Con el tiempo, muchos de ellos optan por buscar un hueco en la denostada burocracia partidista para conseguir un asiento al otro lado de la mesa negociadora. Hay excepciones, por supuesto, pero nadie ha demostrado que las democracias de baja calidad puedan mejorar gracias a estos mecanismos voluntaristas.

Según el CIS, casi la mitad de los españoles están poco o nada satisfechos con el funcionamiento de nuestra democracia. Queda claro que se refieren a los malos hábitos, sin cuestionar la legitimidad del sistema. Escribe Sartori: «La ingratitud típica del hombre de nuestro tiempo y su desilusión política son reacciones ante metas prometidas que posiblemente no puedan alcanzarse». Dicho de otro modo: no existe (ni ha existido, ni existirá nunca) ese ciudadano dispuesto a convencer y ser convencido, a gobernar y a ser gobernado cuando corresponda, a desconocer su propio beneficio en favor de una polis ideal, y mucho menos de una «cosmópolis» imaginaria. No sirve invocar a pensadores sutiles como H. Arendt, confusos como J. Habermas o pioneros como el Maquiavelo de los «Discorsi». Aquí y ahora: en este caldo de cultivo surgen fórmulas imaginativas, que tocan alguna fibra sensible y mezclan lucidez con banalidad. Hablando claro: extender la fórmula «Ciutadans» -muy respetable en origen- al resto de España beneficia con toda claridad al Partido Socialista, precisamente ahora que los sondeos demuestran que lo necesita más que nunca. El lector sabrá disculpar la autocita: «Dentro de poco, algún centenar de firmantes nos propondrá un manifiesto bajo el epígrafe Ciudadanos de España; dirán que nos roban la patria y la libertad, que son la voz que clama en el desierto...». (Tercera del 10 de julio pasado). He aquí el mejor regalo de Reyes para Zapatero, desbordado y atónito después del 30-D.

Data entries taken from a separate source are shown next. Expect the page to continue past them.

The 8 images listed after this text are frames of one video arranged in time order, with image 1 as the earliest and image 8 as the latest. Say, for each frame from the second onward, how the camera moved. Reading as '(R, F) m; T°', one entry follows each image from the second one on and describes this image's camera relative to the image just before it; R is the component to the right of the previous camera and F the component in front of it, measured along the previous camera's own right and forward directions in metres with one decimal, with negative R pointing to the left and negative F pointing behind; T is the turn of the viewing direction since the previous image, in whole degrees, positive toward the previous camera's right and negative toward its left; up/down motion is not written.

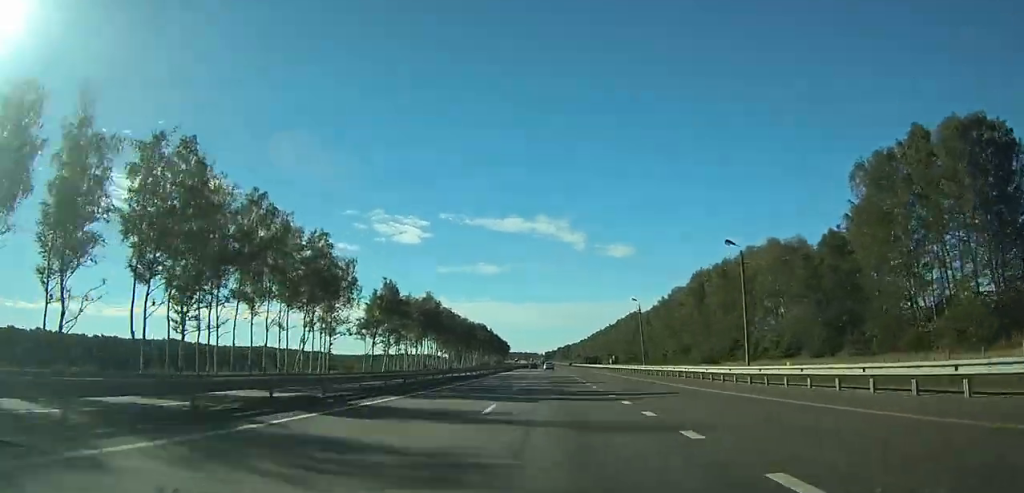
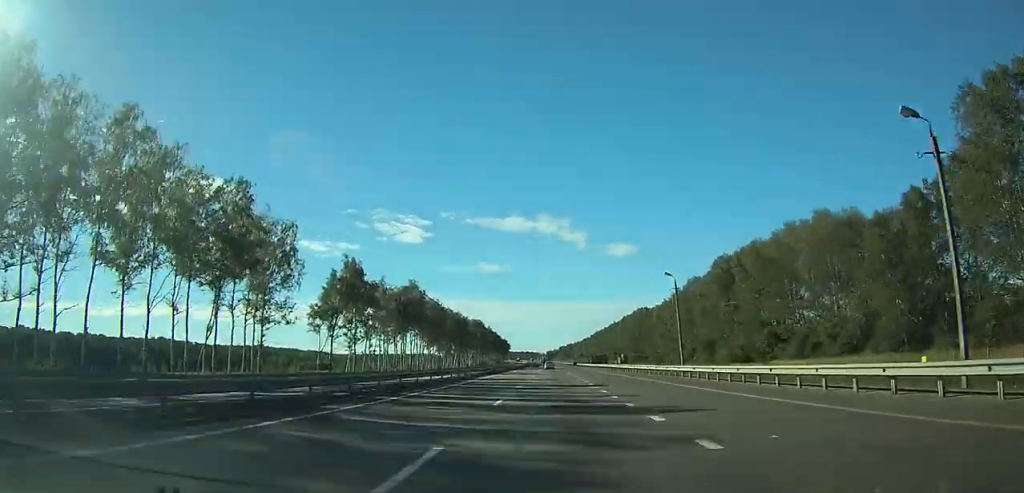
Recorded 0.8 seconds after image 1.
(0.0, +21.9) m; 0°
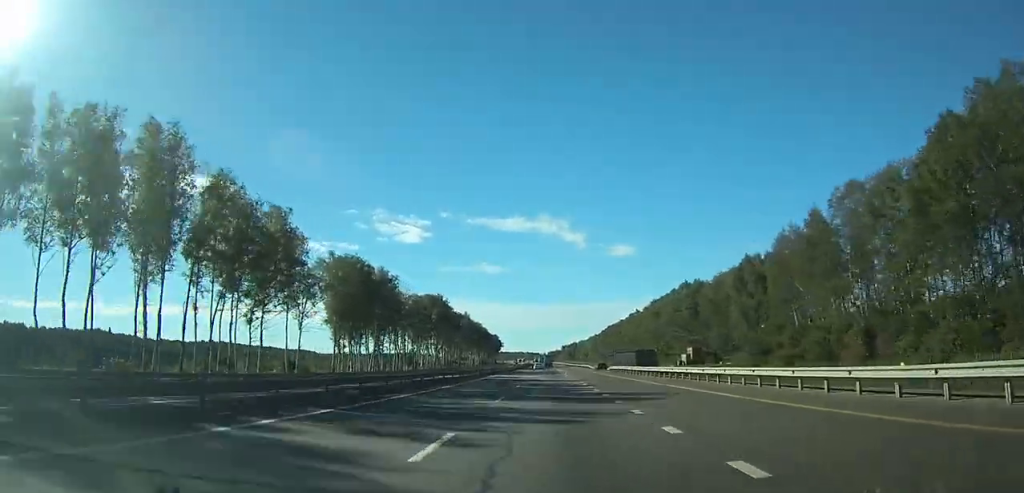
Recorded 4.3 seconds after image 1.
(+3.1, +99.2) m; +10°
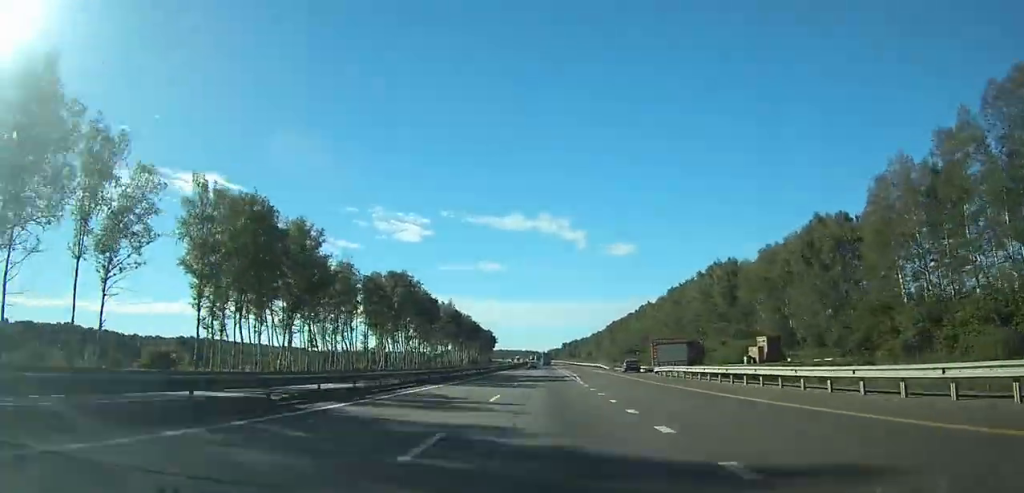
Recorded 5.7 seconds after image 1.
(+7.1, +38.8) m; -9°
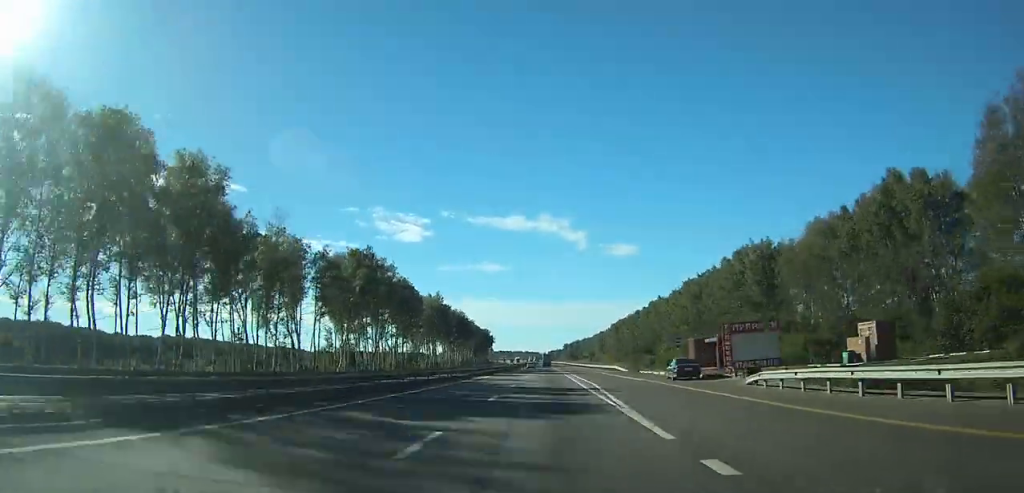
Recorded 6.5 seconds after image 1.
(+0.3, +22.5) m; -6°
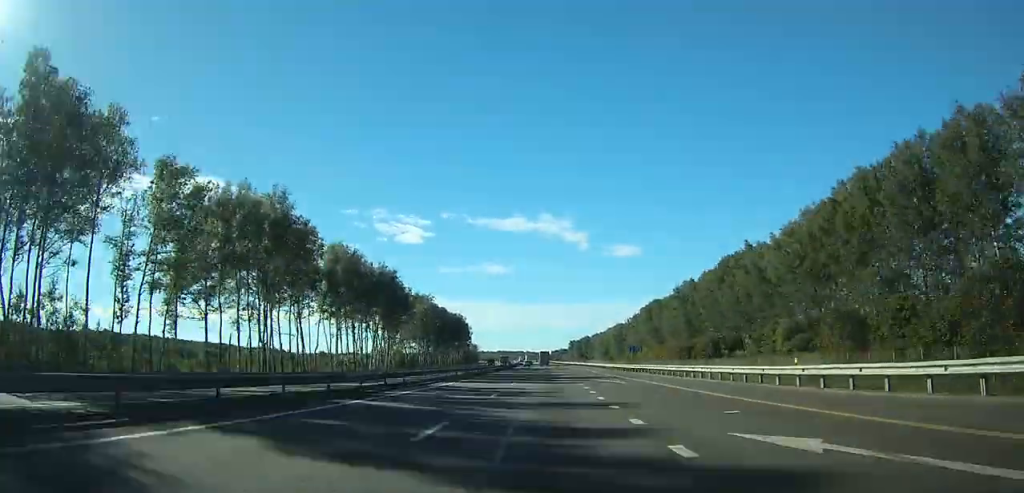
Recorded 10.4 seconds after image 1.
(-13.5, +101.7) m; +3°
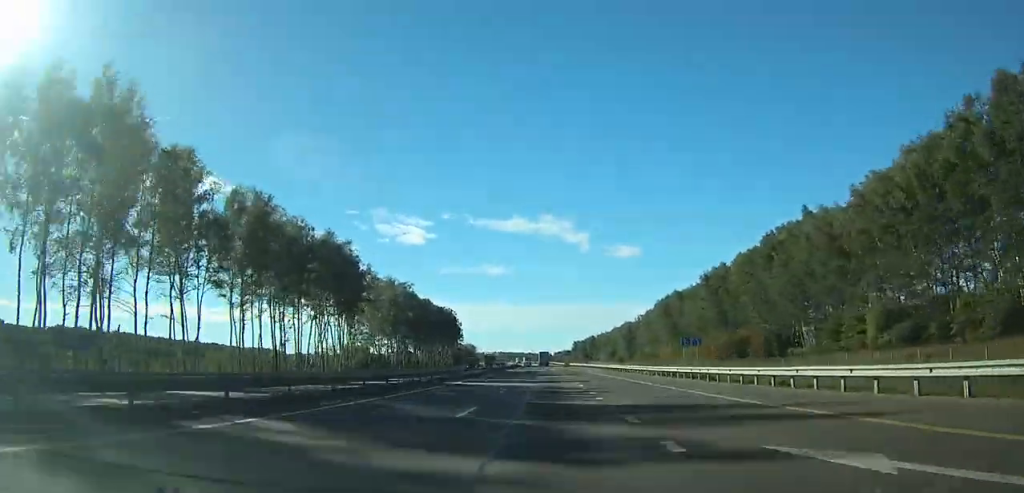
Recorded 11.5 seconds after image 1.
(-0.1, +31.5) m; 0°
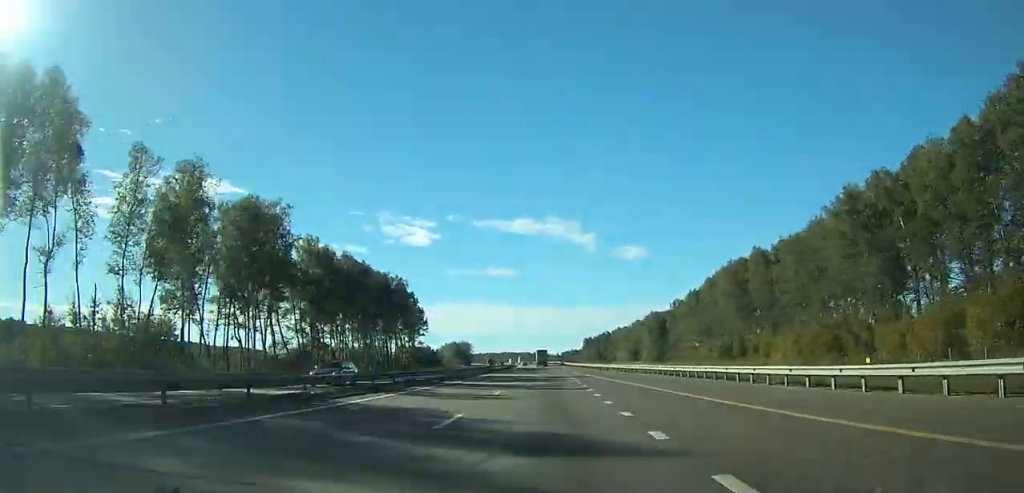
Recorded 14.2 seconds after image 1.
(-0.5, +74.2) m; -1°
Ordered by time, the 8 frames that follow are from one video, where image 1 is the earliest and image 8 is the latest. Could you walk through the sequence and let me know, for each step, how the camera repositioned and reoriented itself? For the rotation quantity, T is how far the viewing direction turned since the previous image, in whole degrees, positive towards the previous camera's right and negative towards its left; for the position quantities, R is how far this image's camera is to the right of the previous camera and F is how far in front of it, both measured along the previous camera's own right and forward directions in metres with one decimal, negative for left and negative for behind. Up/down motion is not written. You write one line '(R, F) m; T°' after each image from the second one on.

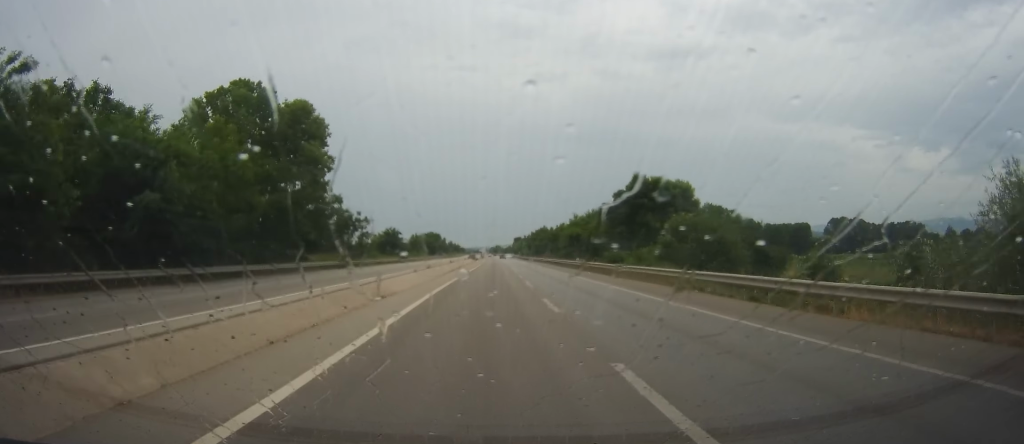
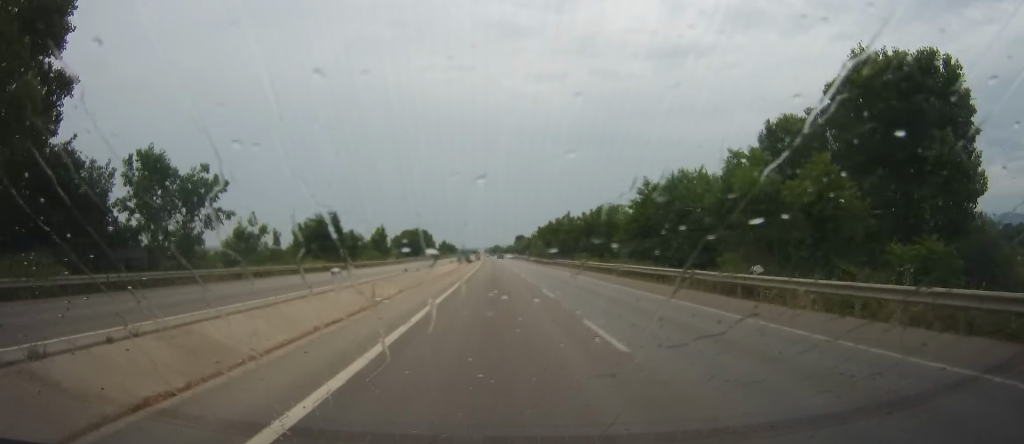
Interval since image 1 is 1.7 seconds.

La candidata socialista francesa habla de «democracia de opinión» pero, en puridad, es una «democracia de ocurrencias». Ya se sabe que la condición posmoderna prefiere el ingenio atrevido a la solidez de la obra bien acabada. La vida está hecha de renuncias. Participar de verdad en los asuntos públicos a través de foros ciudadanos o de movimientos cívicos exige mantener la distancia frente al poder actual o potencial. Es la única garantía de ser auténtico. El objetivo es provocar a los partidos y despertar a sus líderes del sueño tecnocrático. Pero el que quiere poder se deja sin remedio la inocencia en el camino.

Vieja y eterna política, espejo de la vida, saber prudencial, impuro pero necesario. Otra vez Sartori para terminar: entre todas las formas de gobierno, la democracia es la que más depende de la inteligencia.

Benigno Pendás, profesor de historia de las Ideas Políticas.